**AIM OF THE TASK**
Please restate each entry that appears below word for word, without its pictures.

**RECORD SET**
BEGIN

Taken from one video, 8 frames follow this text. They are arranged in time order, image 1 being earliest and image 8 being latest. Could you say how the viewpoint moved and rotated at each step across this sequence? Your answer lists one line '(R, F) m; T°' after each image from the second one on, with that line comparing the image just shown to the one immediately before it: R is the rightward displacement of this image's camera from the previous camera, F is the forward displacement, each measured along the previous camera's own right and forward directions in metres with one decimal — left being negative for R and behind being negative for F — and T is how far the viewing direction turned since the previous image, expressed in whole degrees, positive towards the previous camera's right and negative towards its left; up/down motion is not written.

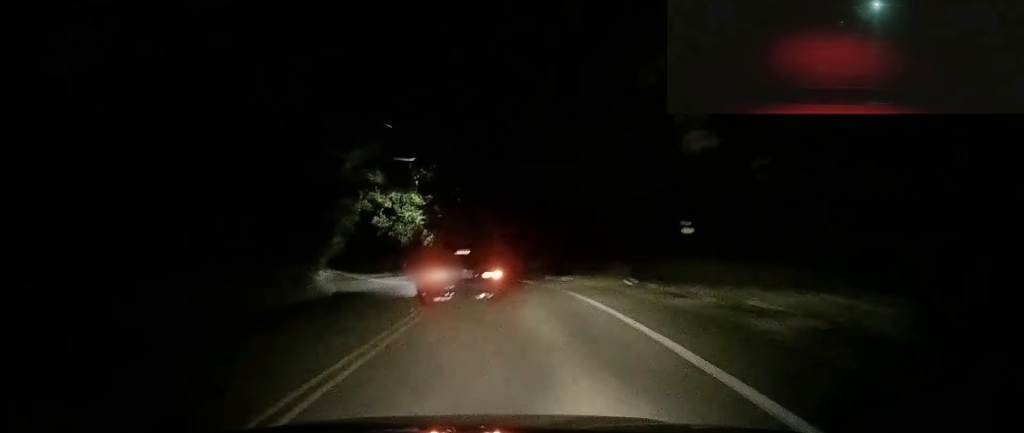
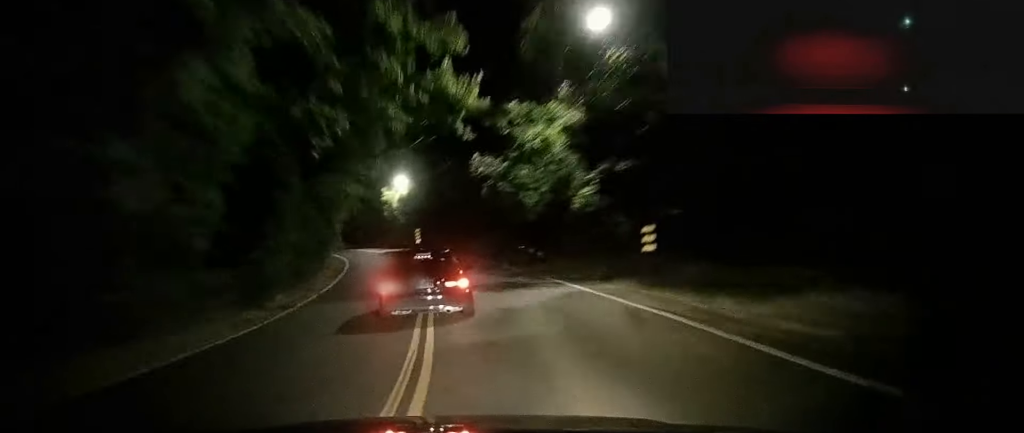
(+0.3, +28.7) m; -3°
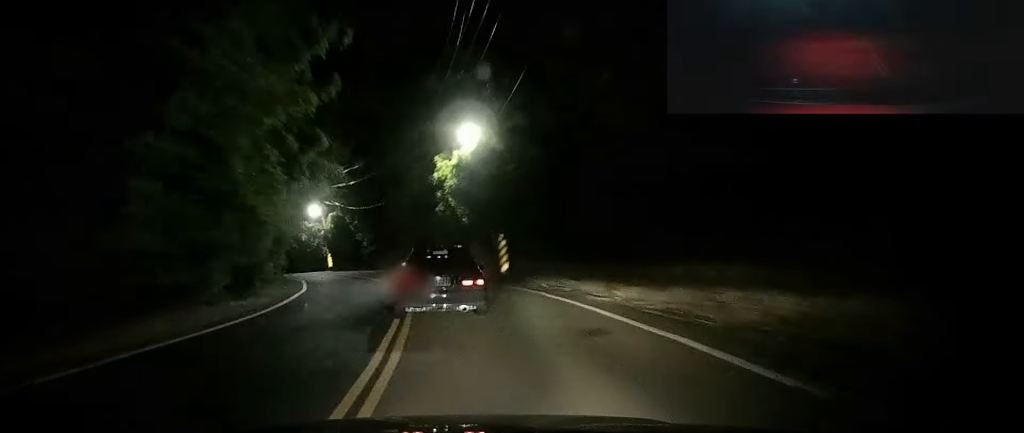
(-2.3, +32.0) m; -12°
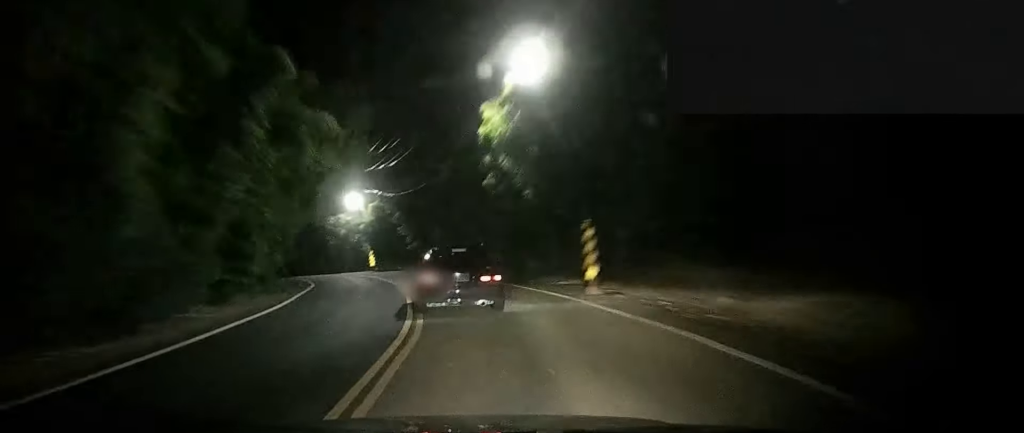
(-1.0, +9.3) m; -6°
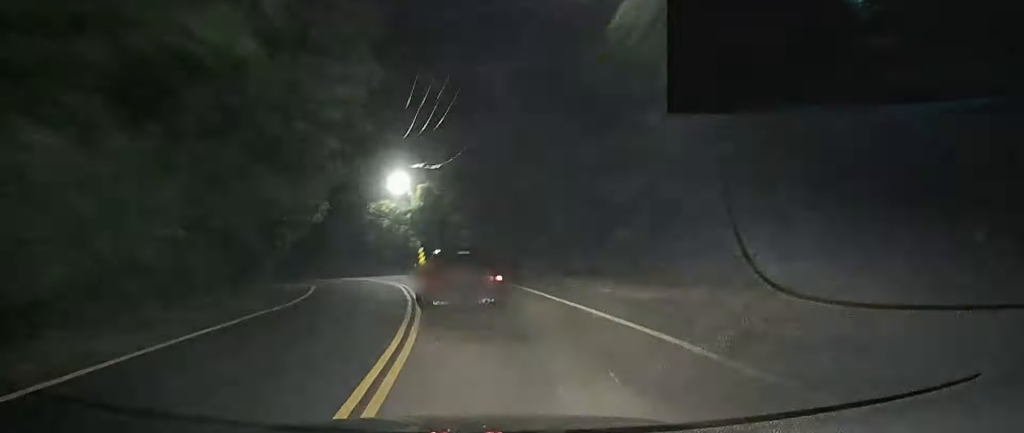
(-0.3, +12.8) m; -8°
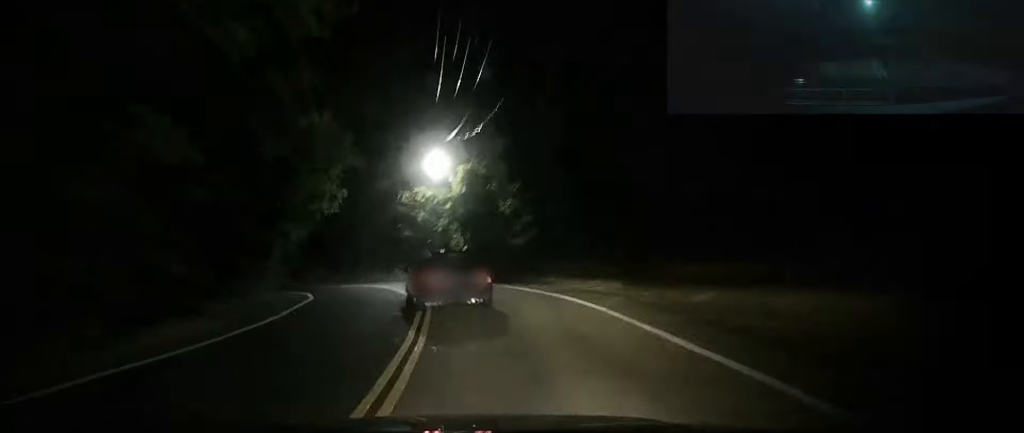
(-0.9, +8.4) m; -6°
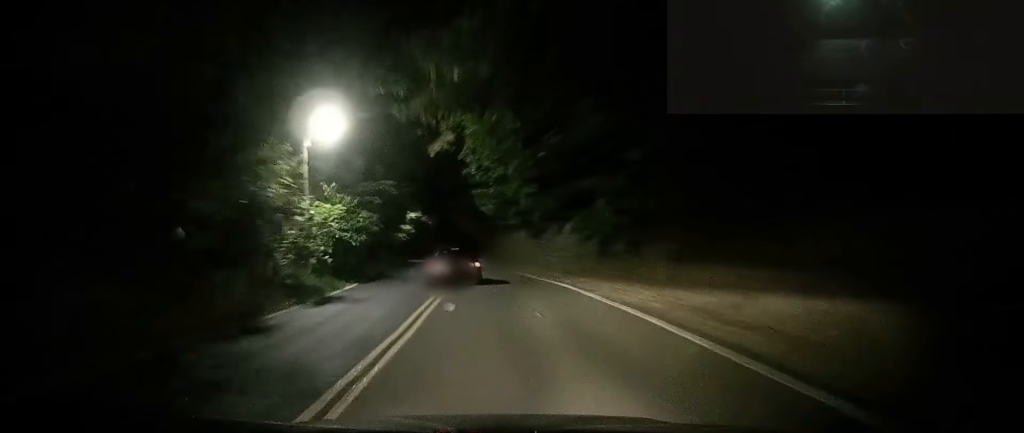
(-15.6, +46.0) m; -38°
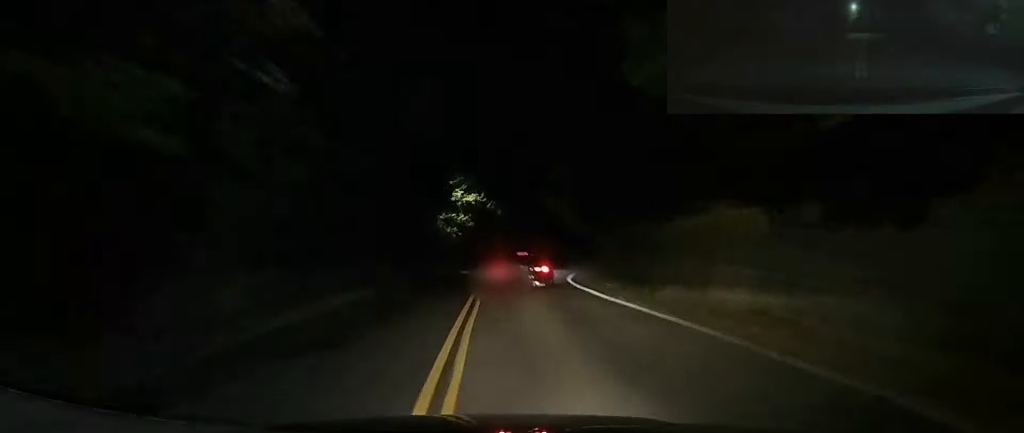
(-2.5, +22.6) m; -8°

END

**RESULT FOR THIS TASK**
Taken from one video, 8 frames follow this text. They are arranged in time order, image 1 being earliest and image 8 being latest. Could you say how the viewpoint moved and rotated at each step across this sequence? Your answer lists one line '(R, F) m; T°' after each image from the second one on, with that line comparing the image just shown to the one immediately before it: R is the rightward displacement of this image's camera from the previous camera, F is the forward displacement, each measured along the previous camera's own right and forward directions in metres with one decimal — left being negative for R and behind being negative for F — and T is how far the viewing direction turned since the previous image, expressed in whole degrees, positive towards the previous camera's right and negative towards its left; up/down motion is not written.

(+0.3, +28.7) m; -3°
(-2.3, +32.0) m; -12°
(-1.0, +9.3) m; -6°
(-0.3, +12.8) m; -8°
(-0.9, +8.4) m; -6°
(-15.6, +46.0) m; -38°
(-2.5, +22.6) m; -8°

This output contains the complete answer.